Note : Rapport provenant d'une seule source ; en attente de corroboration.
Le conflit qui sévit dans l'est de la République démocratique du Congo provoque des déplacements massifs de population et plonge des millions de personnes dans une situation de famine extrême. Près de 3,6 millions de personnes dans le pays sont confrontées à une insécurité alimentaire d'urgence, à deux doigts de la famine, tandis que 22,9 millions d'autres sont en situation de crise.
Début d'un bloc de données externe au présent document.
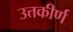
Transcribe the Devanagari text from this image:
उत्तकीर्ण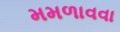
મમળાવવા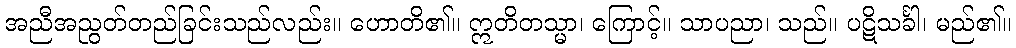
အညီအညွတ်တည်ခြင်းသည်လည်း။ ဟောတိ၏။ ဣတိတသ္မာ၊ ကြောင့်။ သာပညာ၊ သည်။ ပဋိသင်္ခါ၊ မည်၏။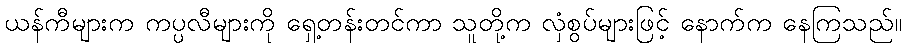
ယန်ကီများက ကပ္ပလီများကို ရှေ့တန်းတင်ကာ သူတို့က လှံစွပ်များဖြင့် နောက်က နေကြသည်။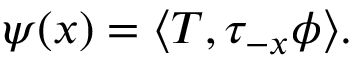
\psi ( x ) = \langle T , \tau _ { - x } \phi \rangle .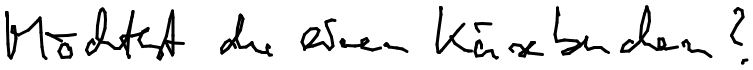
Möchtest du einen Käsekuchen?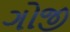
ગોજી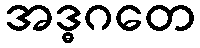
အဒ္ဓဂတေ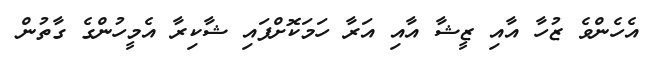
އެހެންވެ ޒުހާ އާއި ޒީޝާ އާއި އަރާ ހަމަކޮށްފައި ޝާކިރާ އެމީހުންގެ ގާތުން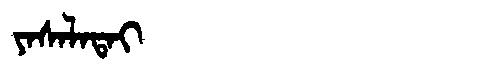
Manchu: ᠶᠠᠰᠠᠯᠠᡨᠠᡳ
Romanization: YASALATAI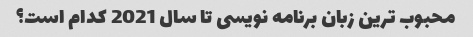
محبوب ترین زبان برنامه نویسی تا سال 2021 کدام است؟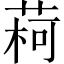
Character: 𫈥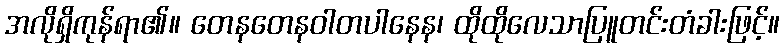
အလိုရှိကုန်ရာ၏။ တေနတေနဝါတပါနေန၊ ထိုထိုလေသာပြူတင်းတံခါးဖြင့်။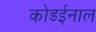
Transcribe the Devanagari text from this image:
कोडईनाल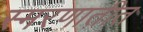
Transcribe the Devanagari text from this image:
स्मरणातीत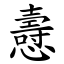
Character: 㦞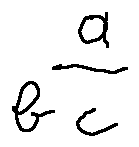
\frac { a } { b c }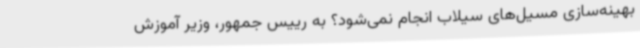
بهینه‌سازی مسیل‌های سیلاب انجام نمی‌شود؟ به رییس جمهور، وزیر آموزش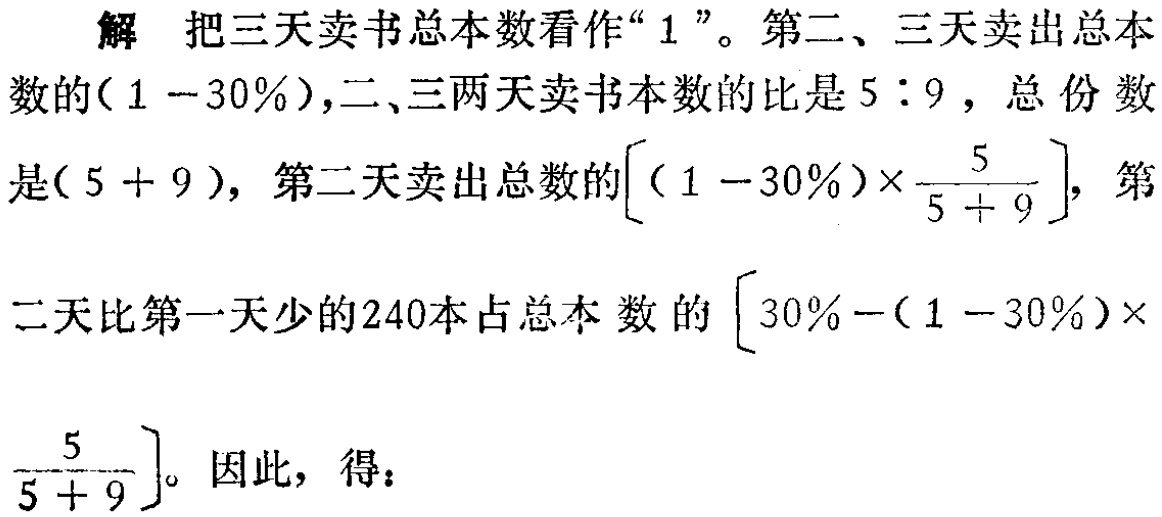
解 把三天卖书总本数看作“$1$”。第二、三天卖出总本数的$(1 - 30\%)$，二、三两天卖书本数的比是$5:9$，总份数是$(5 + 9)$，第二天卖出总数的$\left[(1 - 30\%)\times\frac{5}{5 + 9}\right]$，第二天比第一天少的$240$本占总本数的$\left[30\%-(1 - 30\%)\times\frac{5}{5 + 9}\right]$。因此，得：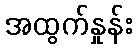
အထွက်နှုန်း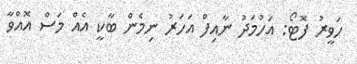
ހަވީރު ފޮޓޯ: އަހުމަދު ނާއިފް އަހަރު ނިމެން ބާކީ އެއް މަސް އޮއްވާ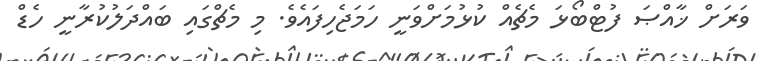
ވަރަށް ޚާއްޞަ ފުޓްބޯޅަ މެޗެއް ކުޅުމަށްވަނީ ހަމަޖެހިފައެވެ. މި މެޗްގައި ބައްދަލުކުރާނީ ހެޑް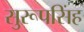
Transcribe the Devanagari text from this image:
सुरूपसिंह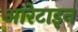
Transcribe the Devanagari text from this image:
आरेटाइन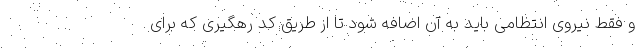
و فقط نیروی انتظامی باید به آن اضافه شود تا از طریق کد رهگیری که برای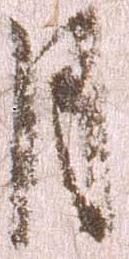
月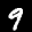
Label: 9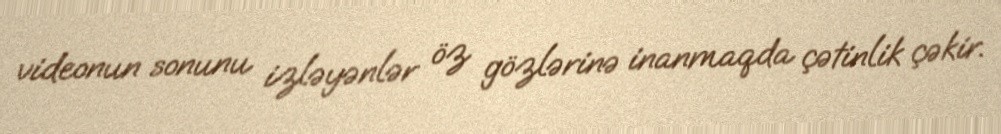
videonun sonunu izləyənlər öz gözlərinə inanmaqda çətinlik çəkir.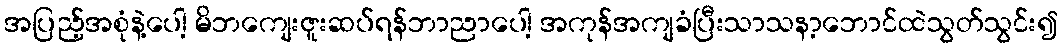
အပြည့်အစုံနဲ့ပေါ့ မိဘကျေးဇူးဆပ်ရန်ဘာညာပေါ့ အကုန်အကျခံပြီးသာသနာ့ဘောင်ထဲသွတ်သွင်း၍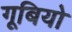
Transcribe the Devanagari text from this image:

La situation est particulièrement critique dans les provinces de l'est, où les combats entre les forces congolaises et les rebelles du M23, soutenus par le Rwanda, ainsi que d'autres groupes armés, ont déplacé des dizaines de milliers de personnes depuis début 2026.
Environ 3,59 millions de personnes sont déplacées à l'intérieur du pays dans l'est de la République démocratique du Congo (RDC), les provinces du Sud-Kivu et du Nord-Kivu étant les plus touchées. La fermeture de l'aéroport de Goma suite à la chute de la ville l'an dernier a perturbé l'accès humanitaire et les chaînes d'approvisionnement. Malgré la crise, l'aide alimentaire n'a atteint qu'environ 1,1 million de personnes dans les quatre provinces les plus affectées en janvier et février, soit à peine 23 % des personnes ciblées. Le manque de financement a contraint certains partenaires humanitaires à suspendre leurs opérations, tandis que l'insécurité, le mauvais état des routes et la hausse des prix alimentaires aggravent la crise.
En Afghanistan, un rapport de l'ONU sur les droits humains indique que les talibans ont infligé des châtiments corporels judiciaires à au moins 312 personnes en trois mois, dont 39 femmes et quatre garçons. Le rapport met en lumière un nouveau décret (le décret n° 12 relatif aux règles de procédure pénale), promulgué en janvier et diffusé à tous les tribunaux de facto, qui étend la peine capitale à des infractions telles que le blasphème, l'hérésie et la « corruption persistante ». Ce décret criminalise également la dissidence, punissant de coups de fouet ou d'emprisonnement toute critique des autorités talibanes et de leur interprétation de la loi islamique.
La Mission d'assistance des Nations Unies en Afghanistan a recensé au moins 336 arrestations arbitraires par la police des mœurs et la suspension de deux médias durant la même période. En janvier, des femmes ont été radiées de la fonction publique, découvrant souvent leur licenciement après avoir manqué à leurs obligations salariales. L'accès des femmes afghanes aux locaux des Nations Unies leur est toujours interdit à travers le pays, et ce pour le 205e jour consécutif. Parallèlement, l'interdiction faite aux filles de poursuivre leurs études au-delà de la sixième année entrait dans sa cinquième année, touchant environ 2,2 millions de filles.